Thursday, September 22, 2011

Really Big Numbers

Factor supports both fixnum (fixed size integers, typically 32- or 64-bit values) and bignum (arbitrarily large integers). Recently, I discovered that Factor did not have support for calculating the logarithm of really big numbers (those larger than 21024).

You can define a simple factorial function:

: factorial ( n -- n! )
    [ 1 ] [ [1,b] product ] if-zero ;

But if you tried to calculate the logarithm of 1000 factorial, it produces the wrong answer.

( scratchpad ) 1000 factorial log .
1/0.

The reason for this is that Factor attempts to convert a bignum into a double-precision floating point number and take the logarithm of that. Unfortunately, the value in this case is too large. What do other languages do in this case?
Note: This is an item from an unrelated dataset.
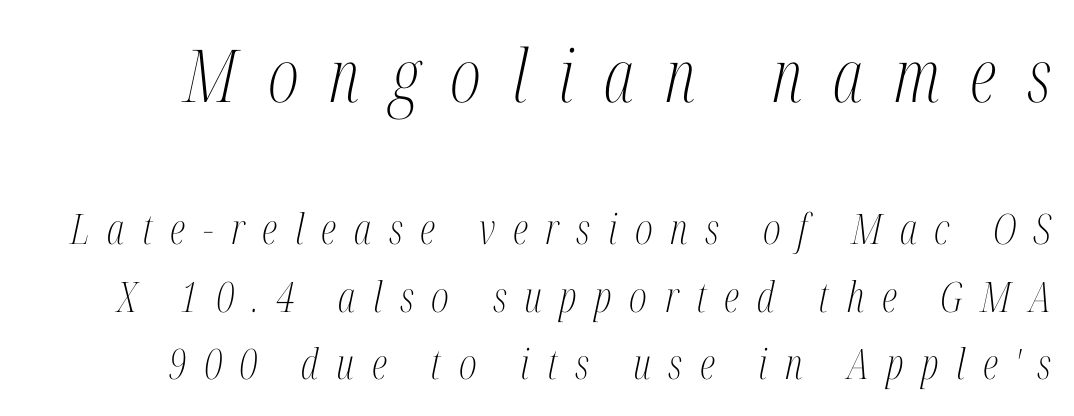
Only glyphs here, with clear space below each row. Stems here are at most as thick as an everyday book face. Do the characters align in a grid? No, the font is proportional. This rendering widens character spacing well past its baseline value. Baseline-to-baseline distance is the conventional proportion of letter height. Look at the bottom of the vertical strokes: they flare into serifs here.
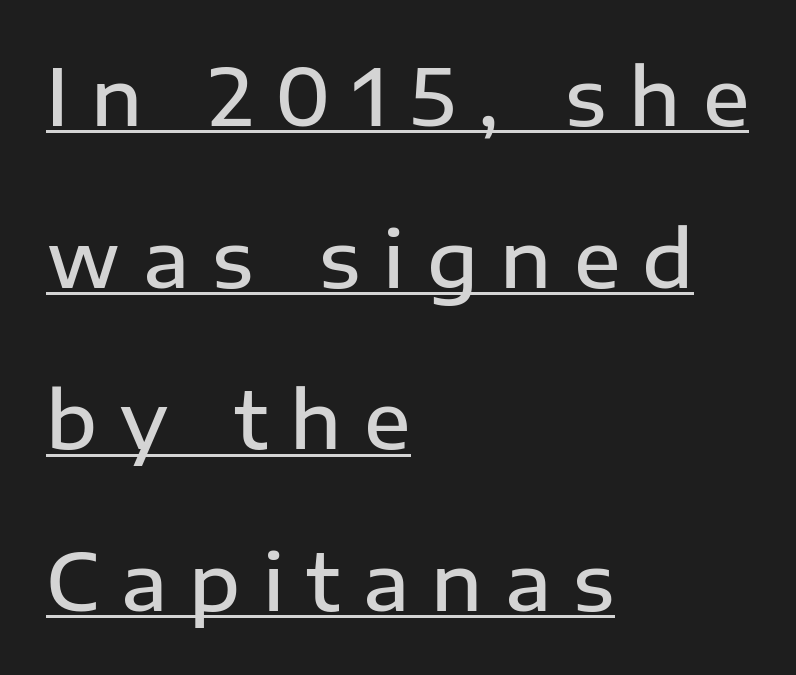
The image shows 77 px semibold sans-serif type, upright; set left-aligned, loose line spacing (2.1x), unusually wide letter spacing (+0.29 em), underlined; low stroke contrast and a medium x-height.

We could look at Ruby, but it has the same problem as Factor:

>> Math::log((1..1000).inject(:*))
(irb):8: warning: Bignum out of Float range
=> Infinity

However, you can get the right answer in Python:

>>> def factorial(n):
...    r = 1
...    while n > 0:
...        r *= n
...        n -= 1
...    return r
...
>>> math.log(factorial(1000))
5912.128178488163

If you look under the covers, you will see that Python handles this case by calling frexp to split a value into a fraction (x) and a power of two (exp). The original value can be calculated as x*2exp. Using this, the logarithm can be computed as log(x) + log(2) * exp.

After discussing this on #concatenative, Joe Groff and I came up with a solution for this. I'm not going to go over all the details, but if you're curious, you can look at the discussion.

First, we implemented a cross-platform version of frexp:

GENERIC: frexp ( x -- y exp )

M: float frexp
    dup fp-special? [ dup zero? ] unless* [ 0 ] [
        double>bits
        [
            HEX: 800f,ffff,ffff,ffff bitand
            0.5 double>bits bitor bits>double
        ] [ -52 shift HEX: 7ff bitand 1022 - ] bi
    ] if ; inline

M: integer frexp
    [ 0.0 0 ] [
        dup 0 > [ 1 ] [ abs -1 ] if swap dup log2 [
            52 swap - shift HEX: 000f,ffff,ffff,ffff bitand
            0.5 double>bits bitor bits>double
        ] [ 1 + ] bi [ * ] dip
    ] if-zero ; inline

Next, we added support for log and log10 of bignum. If the number can be represented as a float, we continue to process it as before, but if it is larger, we calculate it similar to Python (with some caching of the log(2) and log10(2) values for performance):

: most-negative-finite-float ( -- x )
    HEX: -1.ffff,ffff,ffff,fp1023 >integer ; inline
: most-positive-finite-float ( -- x )
    HEX:  1.ffff,ffff,ffff,fp1023 >integer ; inline

CONSTANT: log-2   HEX: 1.62e42fefa39efp-1
CONSTANT: log10-2 HEX: 1.34413509f79ffp-2

: (representable-as-float?) ( x -- ? )
    most-negative-finite-float
    most-positive-finite-float between? ; inline

: (bignum-log) ( n log-quot: ( x -- y ) log-2 -- log )
    [ dup ] dip '[
        dup (representable-as-float?)
        [ >float @ ] [ frexp [ @ ] [ _ * ] bi* + ] if
    ] call ; inline

M: bignum log [ log ] log-2 (bignum-log) ;

M: bignum log10 [ log10 ] log10-2 (bignum-log) ;

And now, in the listener you can get the answer!

( scratchpad ) 1000 factorial log .
5912.128178488163

This change is now in the Factor repository (if you'd like to update), and will be in the next release.

2 comments:

Xorlev said...

Very cool! Maybe I'll have to put together a patch for Ruby, that's a disappointing shortcoming.

javin paul said...

wow, this looks very promising, Indeed very useful for computation intensive project.